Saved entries
*-*-*

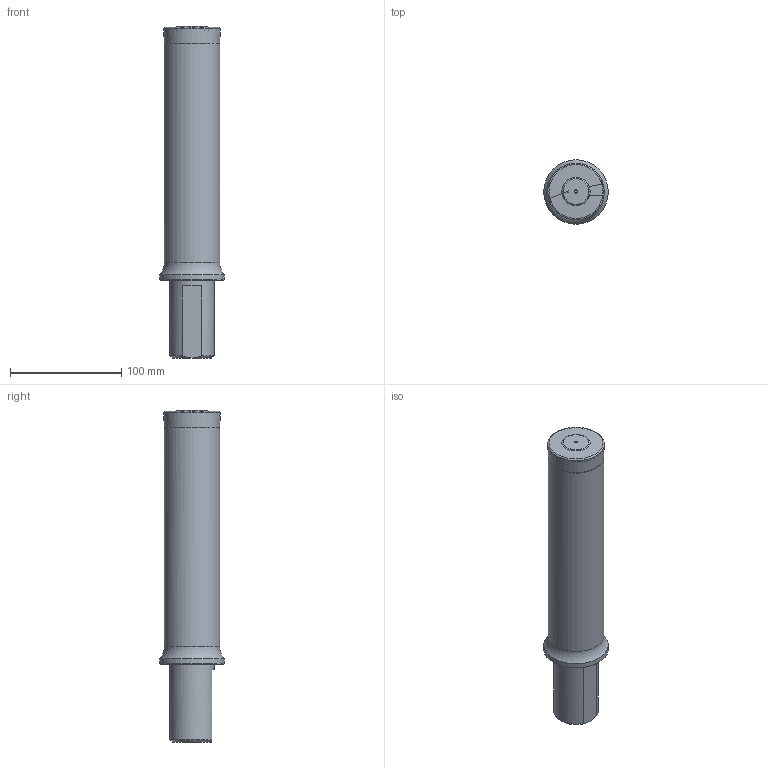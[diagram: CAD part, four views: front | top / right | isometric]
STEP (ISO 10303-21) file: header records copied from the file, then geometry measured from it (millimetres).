
FILE_DESCRIPTION(/* description */ (''),/* implementation_level */ '2;1');
FILE_NAME(/* name */ '804D_51_204_S40_115018040ndi000_00_SIM.stp',/* time_stamp */ '2020-08-31T13:48:20+02:00',/* author */ (''),/* organization */ (''),/* preprocessor_version */ 'ST-DEVELOPER v16.7',/* originating_system */ 'SIEMENS PLM Software NX 12.0',/* authorisation */ '');
FILE_SCHEMA (('AUTOMOTIVE_DESIGN { 1 0 10303 214 3 1 1 1 }'));
Length unit declared in the file: millimetre
Products named in the file (1): wq7006FC52F6wyzm
Bounding box: 58 x 58 x 299 mm (x, y, z)
Volume: 550530.6 mm3; surface area: 62325.3 mm2
Topology: 2 solids, 2 shells, 31 faces, 63 edges, 38 vertices
Faces by surface type: plane 12, cone 7, revolution 6, cylinder 4, torus 2
Full cylindrical faces by diameter (mm): 9 x1, 40 x1, 50 x1, 58 x1
Entity records: 779 total; most frequent: CARTESIAN_POINT 172, DIRECTION 124, ORIENTED_EDGE 80, AXIS2_PLACEMENT_3D 54, EDGE_LOOP 51, FACE_BOUND 42, EDGE_CURVE 40, VERTEX_POINT 34

*-*-*

Your answer must be the entries written out word for word, without their pictures.

→ SOLUTION TO THIS PROBLEM:
[diagram: CAD part, four views: front | top / right | isometric]
STEP (ISO 10303-21) file: header records copied from the file, then geometry measured from it (millimetres).
FILE_DESCRIPTION(/* description */ (''),/* implementation_level */ '2;1');
FILE_NAME(/* name */ '804D_51_204_S40_115018040ndi000_00_SIM.stp',/* time_stamp */ '2020-08-31T13:48:20+02:00',/* author */ (''),/* organization */ (''),/* preprocessor_version */ 'ST-DEVELOPER v16.7',/* originating_system */ 'SIEMENS PLM Software NX 12.0',/* authorisation */ '');
FILE_SCHEMA (('AUTOMOTIVE_DESIGN { 1 0 10303 214 3 1 1 1 }'));
Length unit declared in the file: millimetre
Products named in the file (1): wq7006FC52F6wyzm
Bounding box: 58 x 58 x 299 mm (x, y, z)
Volume: 550530.6 mm3; surface area: 62325.3 mm2
Topology: 2 solids, 2 shells, 31 faces, 63 edges, 38 vertices
Faces by surface type: plane 12, cone 7, revolution 6, cylinder 4, torus 2
Full cylindrical faces by diameter (mm): 9 x1, 40 x1, 50 x1, 58 x1
Entity records: 779 total; most frequent: CARTESIAN_POINT 172, DIRECTION 124, ORIENTED_EDGE 80, AXIS2_PLACEMENT_3D 54, EDGE_LOOP 51, FACE_BOUND 42, EDGE_CURVE 40, VERTEX_POINT 34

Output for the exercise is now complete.